In addition to the official Allies and Axis battle of signals, there was a growing interest in Soviet espionage communications, which continued after the war.

See SIGINT from 1945 to 1989 for the history of SIGINT after the end of World War II, through the end of the Cold War and the rise of regional and nonstate concerns. SIGINT from 1990 to the present deals with the next historical period.

Allied European Theater

The use of SIGINT had even greater implications during World War II. The combined effort of intercepts and cryptanalysis for the whole of the British forces in World War II came under the code name "ULTRA" managed from the former Government Code and Cypher School (Bletchley Park).

(British) Royal Navy

Early on, Admiralty dismissal of SIGINT information (also traffic analysis in this instance) contributed to the loss of HMS Glorious in 1940.

Perhaps the most important role SIGINT played for the Royal Navy, and the merchant ships it protected, was in the Battle of the Atlantic. By comparison with the close and garrulous radio communication between the U-boat submarine high command, BdU, and German submarines in the Atlantic, US submarines in the Pacific enjoyed the freedom of fish. While ULTRA cryptanalysis certainly played a role in dealing with German submarines, HF/DF and traffic analysis were complementary.

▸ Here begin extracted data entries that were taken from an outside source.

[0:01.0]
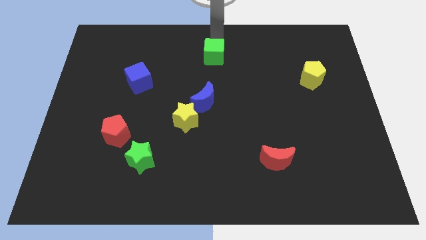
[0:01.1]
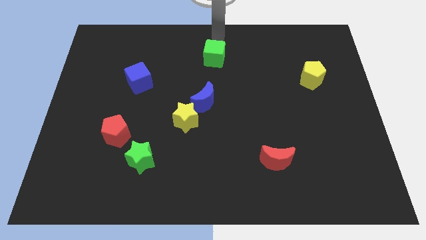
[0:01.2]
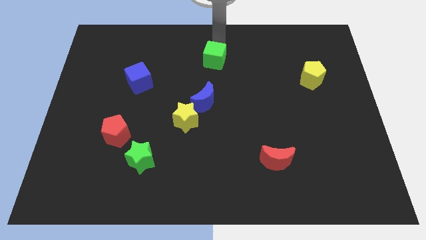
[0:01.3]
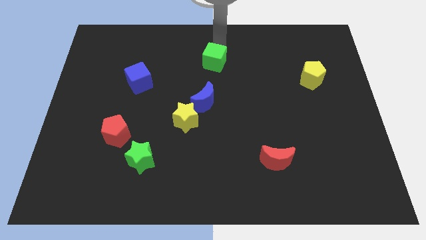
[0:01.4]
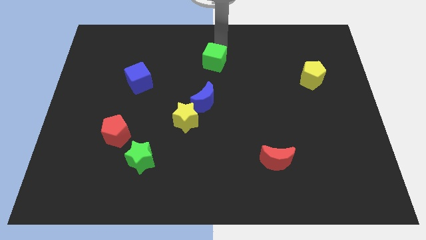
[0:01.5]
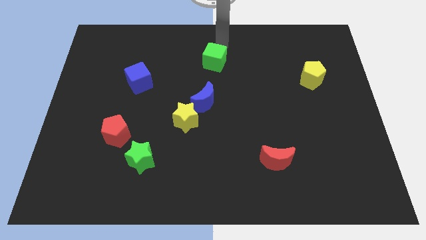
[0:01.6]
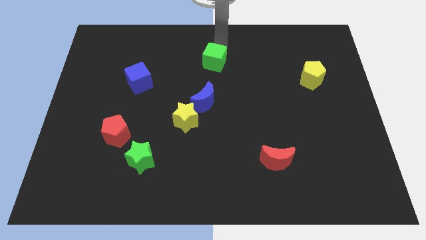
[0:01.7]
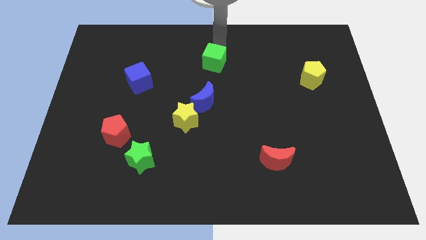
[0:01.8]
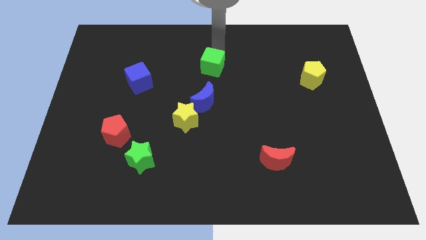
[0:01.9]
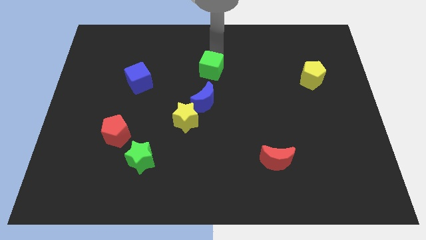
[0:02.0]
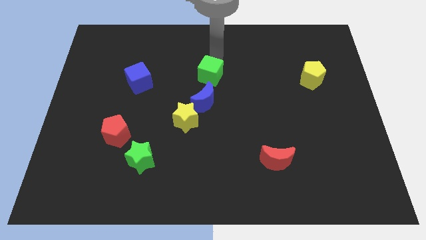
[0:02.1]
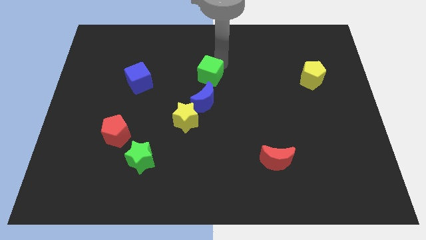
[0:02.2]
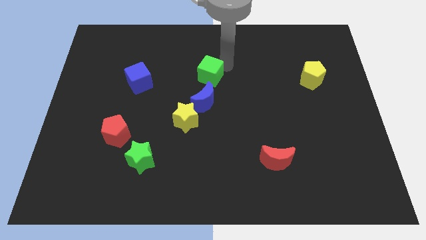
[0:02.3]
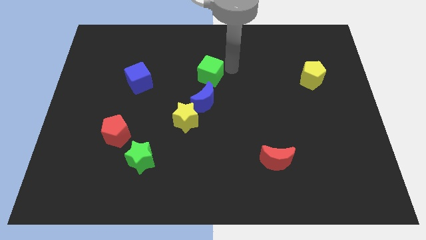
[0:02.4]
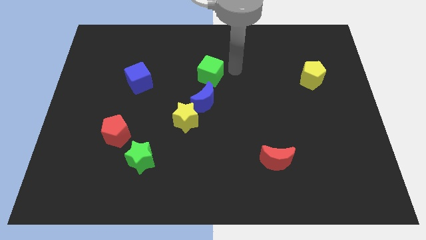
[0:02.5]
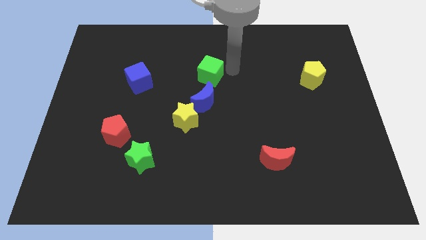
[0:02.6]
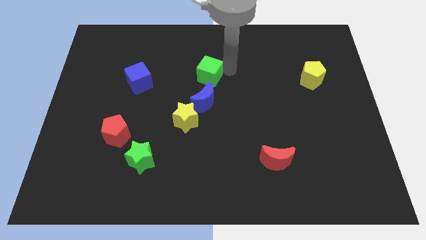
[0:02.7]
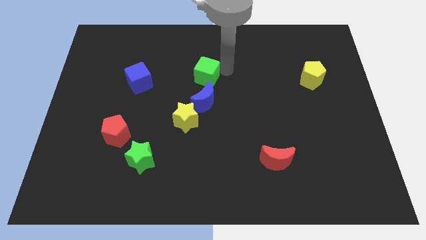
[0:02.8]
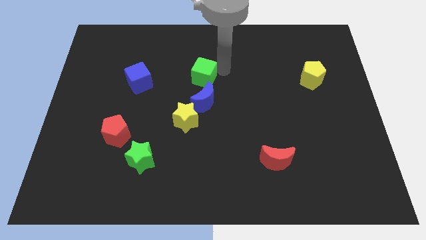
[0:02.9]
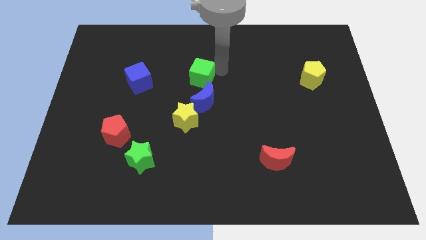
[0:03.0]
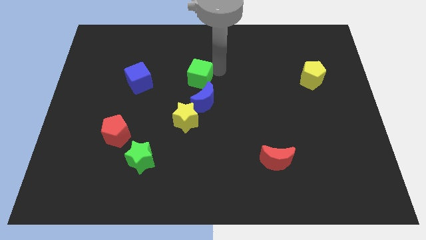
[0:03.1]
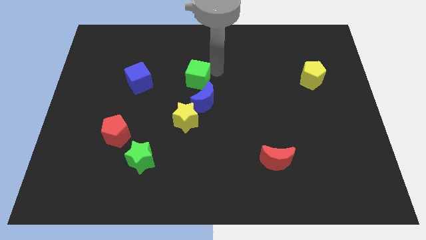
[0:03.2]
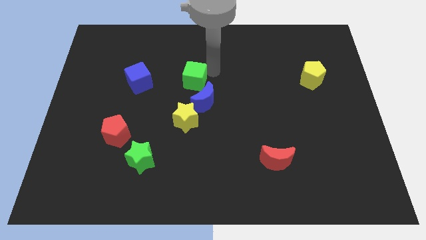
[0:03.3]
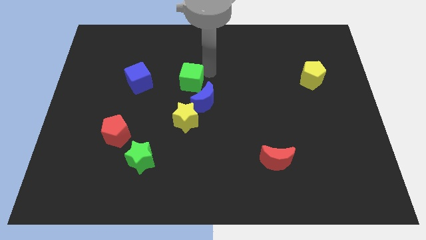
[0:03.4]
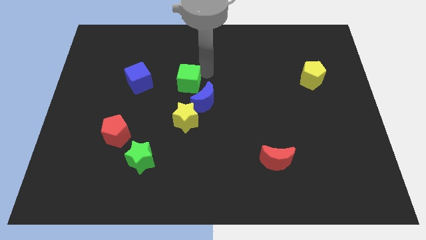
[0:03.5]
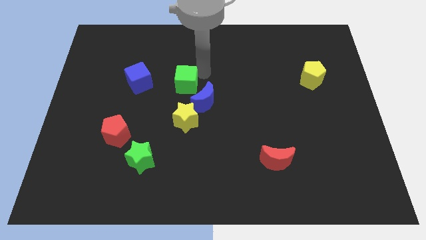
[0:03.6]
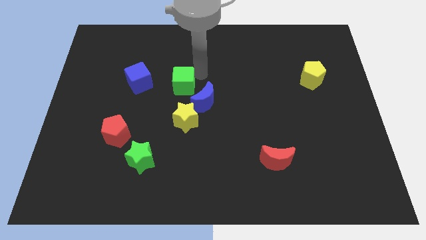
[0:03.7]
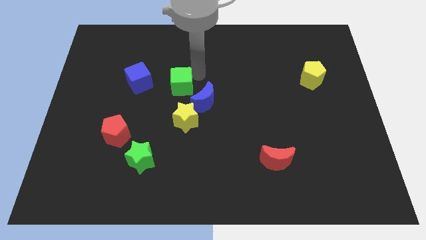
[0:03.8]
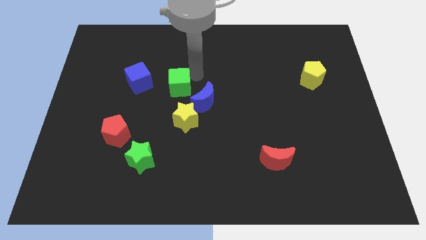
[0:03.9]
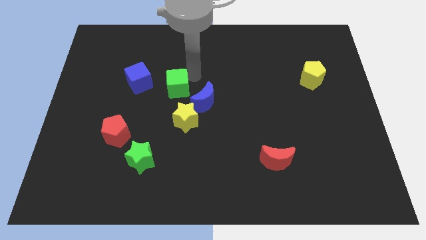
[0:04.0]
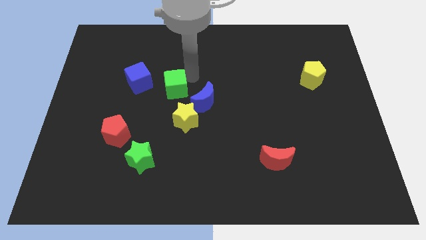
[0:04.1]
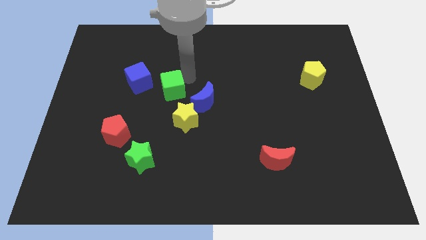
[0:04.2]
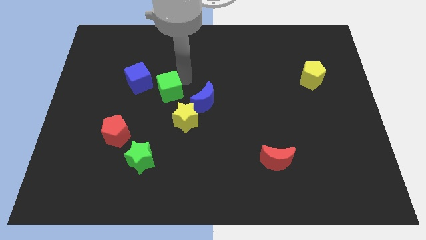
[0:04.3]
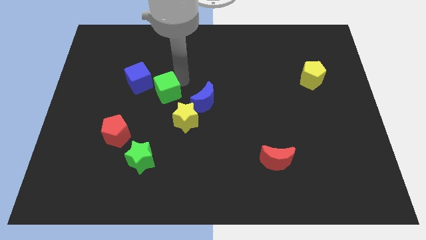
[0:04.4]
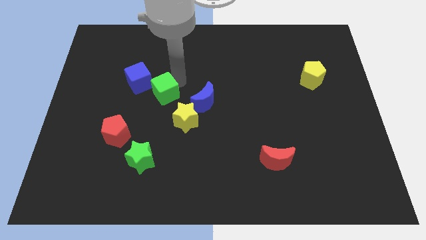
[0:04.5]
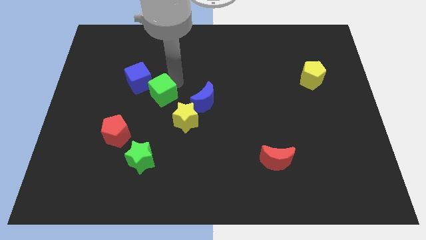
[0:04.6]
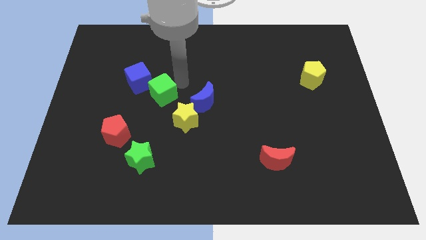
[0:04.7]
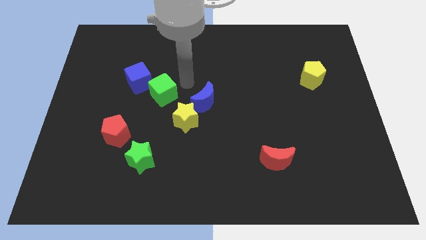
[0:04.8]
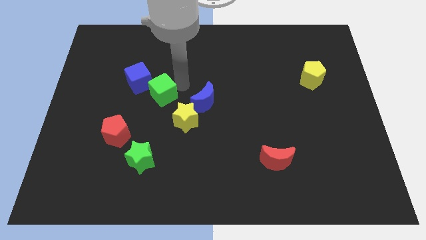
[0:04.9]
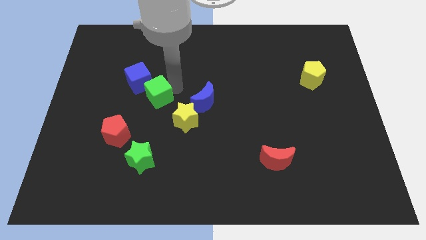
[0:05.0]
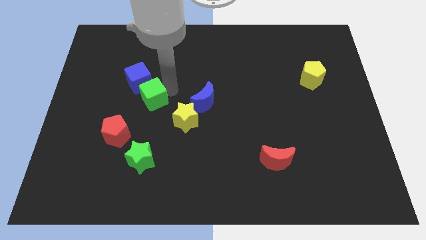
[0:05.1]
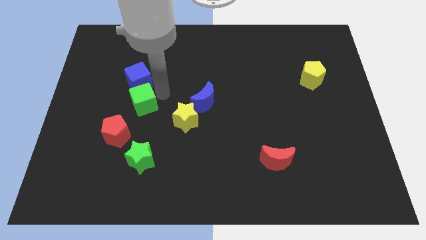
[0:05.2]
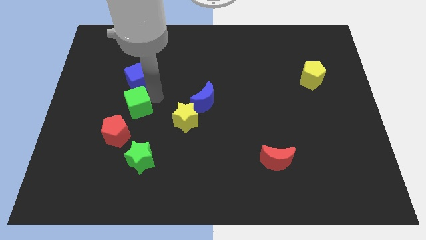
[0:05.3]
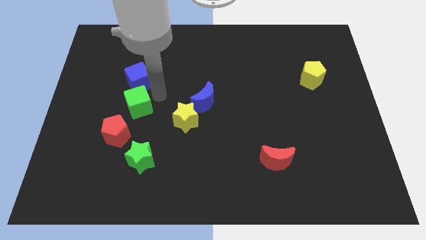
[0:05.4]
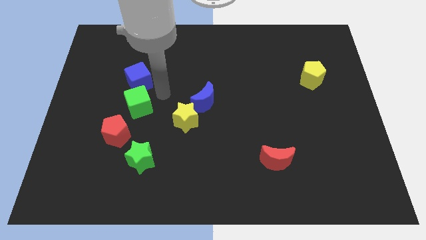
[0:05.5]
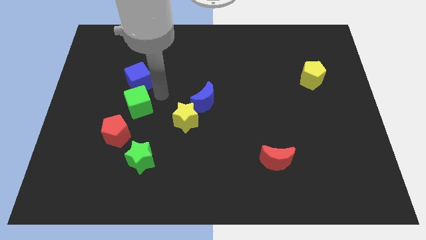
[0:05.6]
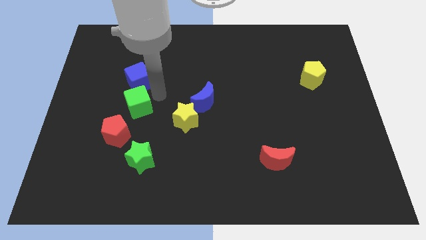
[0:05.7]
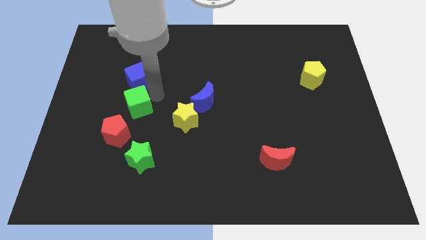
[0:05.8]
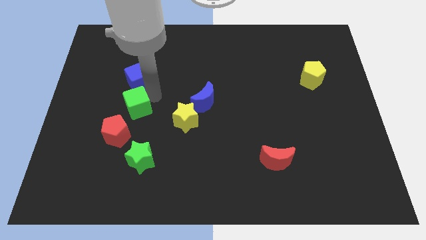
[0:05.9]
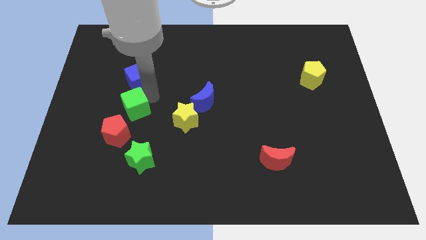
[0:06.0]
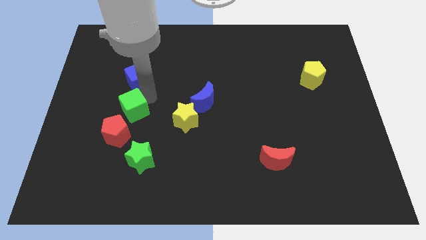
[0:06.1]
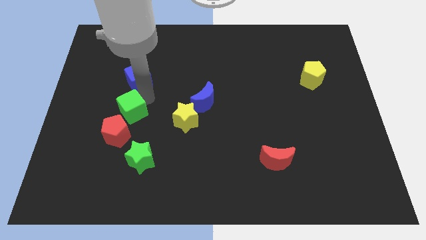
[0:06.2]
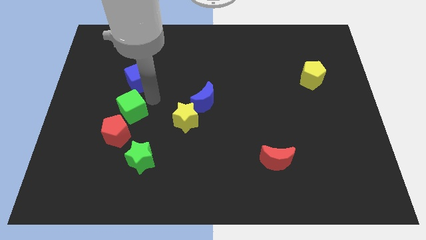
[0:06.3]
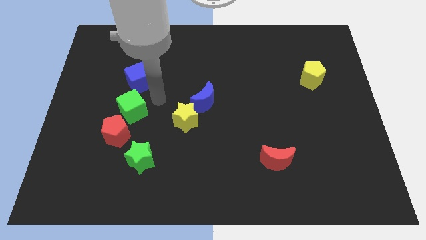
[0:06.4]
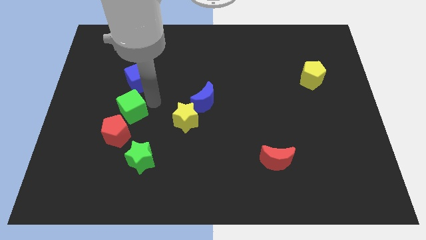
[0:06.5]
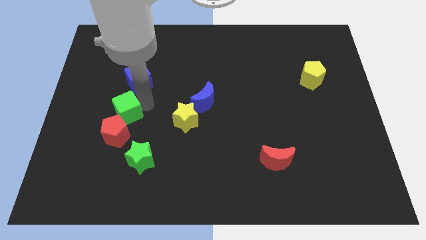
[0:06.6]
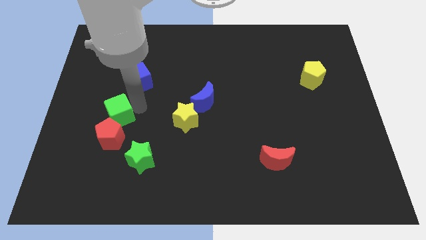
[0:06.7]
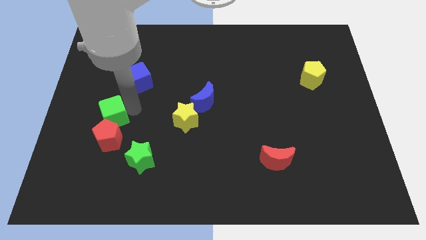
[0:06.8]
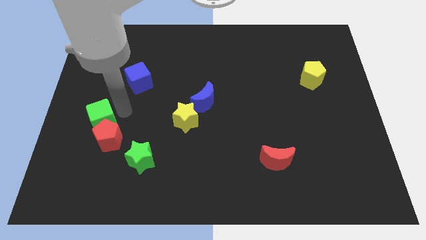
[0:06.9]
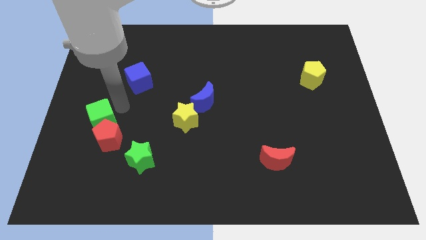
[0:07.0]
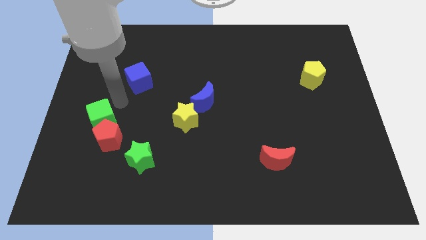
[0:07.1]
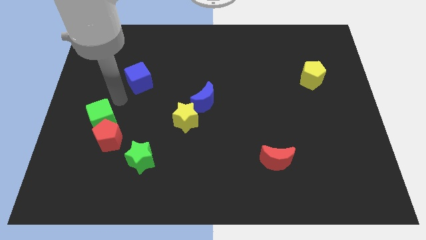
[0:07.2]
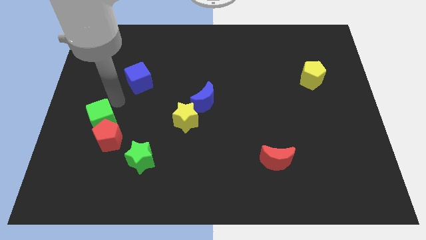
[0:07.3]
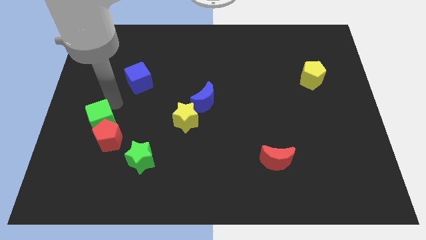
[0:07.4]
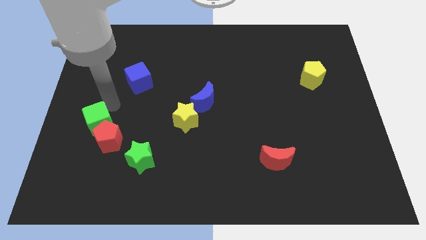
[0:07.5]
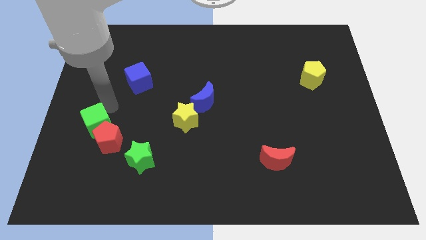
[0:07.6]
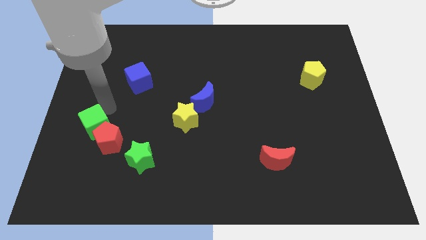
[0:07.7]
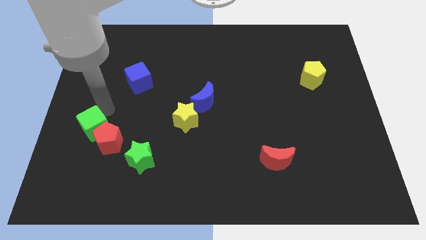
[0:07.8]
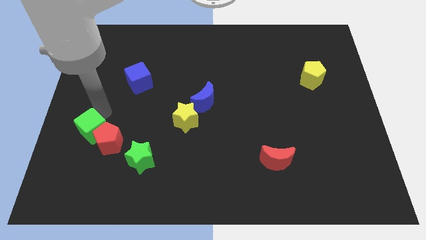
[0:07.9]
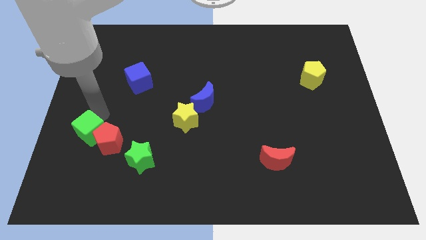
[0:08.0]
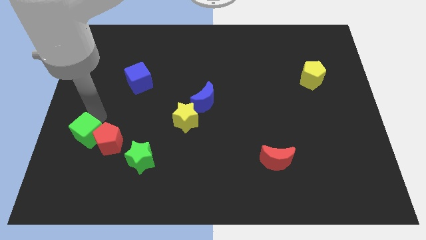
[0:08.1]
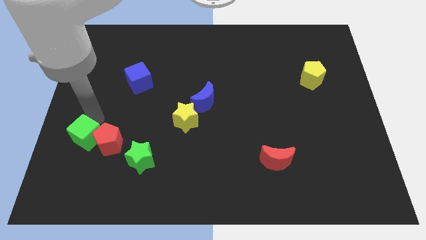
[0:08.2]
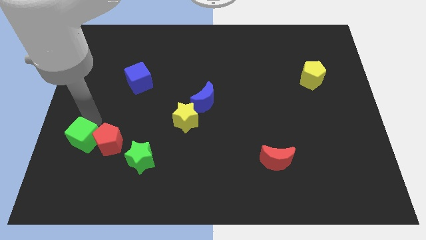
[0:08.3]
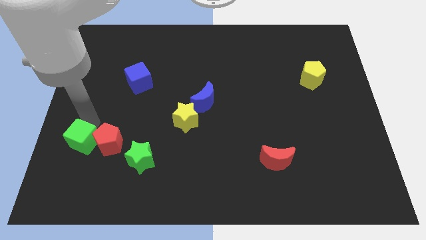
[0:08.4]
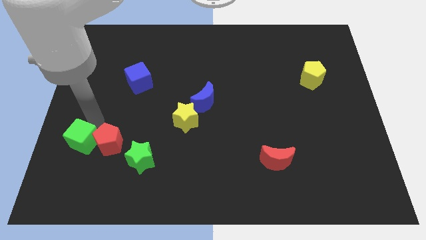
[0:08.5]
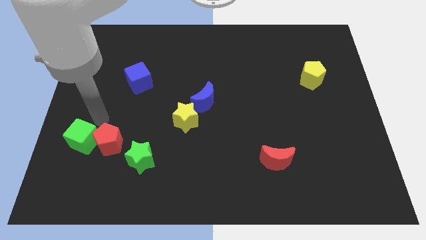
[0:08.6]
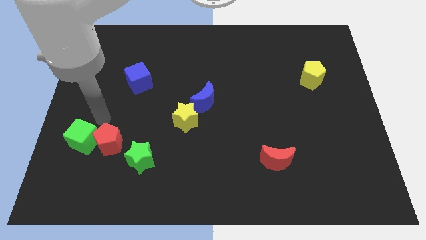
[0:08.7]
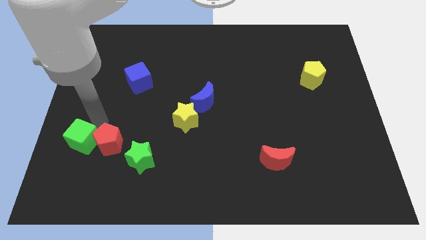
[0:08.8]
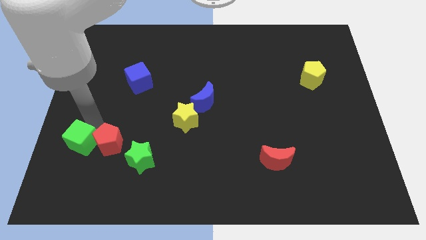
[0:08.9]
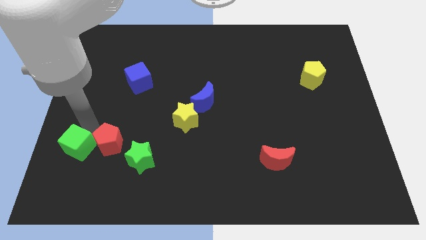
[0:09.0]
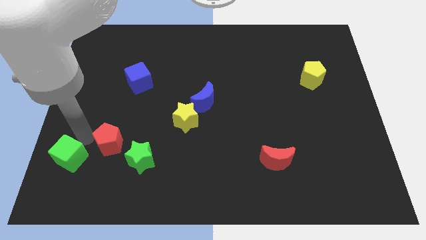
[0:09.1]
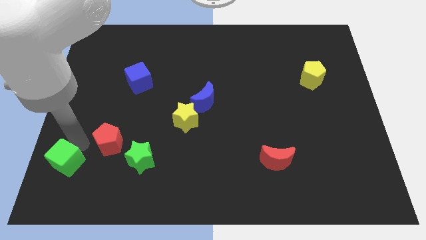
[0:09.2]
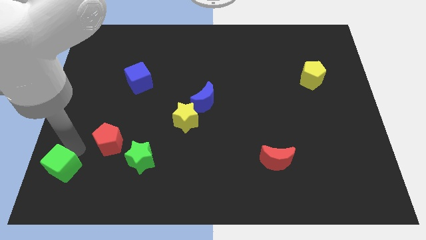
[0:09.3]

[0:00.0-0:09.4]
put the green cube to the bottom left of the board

It is unclear why the German submarine command believed that frequent radio communications were not a hazard to their boats, although they seemed confident in the security of their Enigma ciphers, both in the initial three-rotor and subsequent four-rotor versions (known as Triton to the Germans and Shark to the Allies). There was an apparent, mutually reinforcing belief that wolf pack attacks by groups of submarines were much more deadly than individual operations, and confidence the communications were secure. Arguably, the Germans underestimated HF/DF even more than they did British cryptanalysis [1]. Apparently, the Germans did not realize that the Allies were not limited to slow, manually operated direction finders, and also underestimated the number of direction finders at sea.

Battle of Britain

ELINT and electronic warfare became critical parts of the Battle of Britain. R.V. Jones was a key scientist in the "Battle of the Beams", defeating Nazi radio navigation systems (e.g., Knickebein). While the ULTRA COMINT successes against the Germans were not declassified until 1975, Winston Churchill paid homage to electronic warfare, and its companion ELINT, in his series on the Second World War: "During the human struggle between the British and the German Air Forces, between pilot and pilot, between AAA batteries and aircraft, between ruthless bombing and fortitude of the British people, another conflict was going on, step by step, month by month. This was a secret war, whose battles were lost or won unknown to the public, and only with difficulty comprehended, even now, to those outside the small scientific circles concerned. Unless British science had proven superior to German, and unless its strange, sinister resources had been brought to bear in the struggle for survival, we might well have been defeated, and defeated, destroyed."[2]. In modern terms, of course, MASINT was as important as SIGINT in defeating Nazi navigational systems, with radar control of the defenses a key part of the Battle of Britain.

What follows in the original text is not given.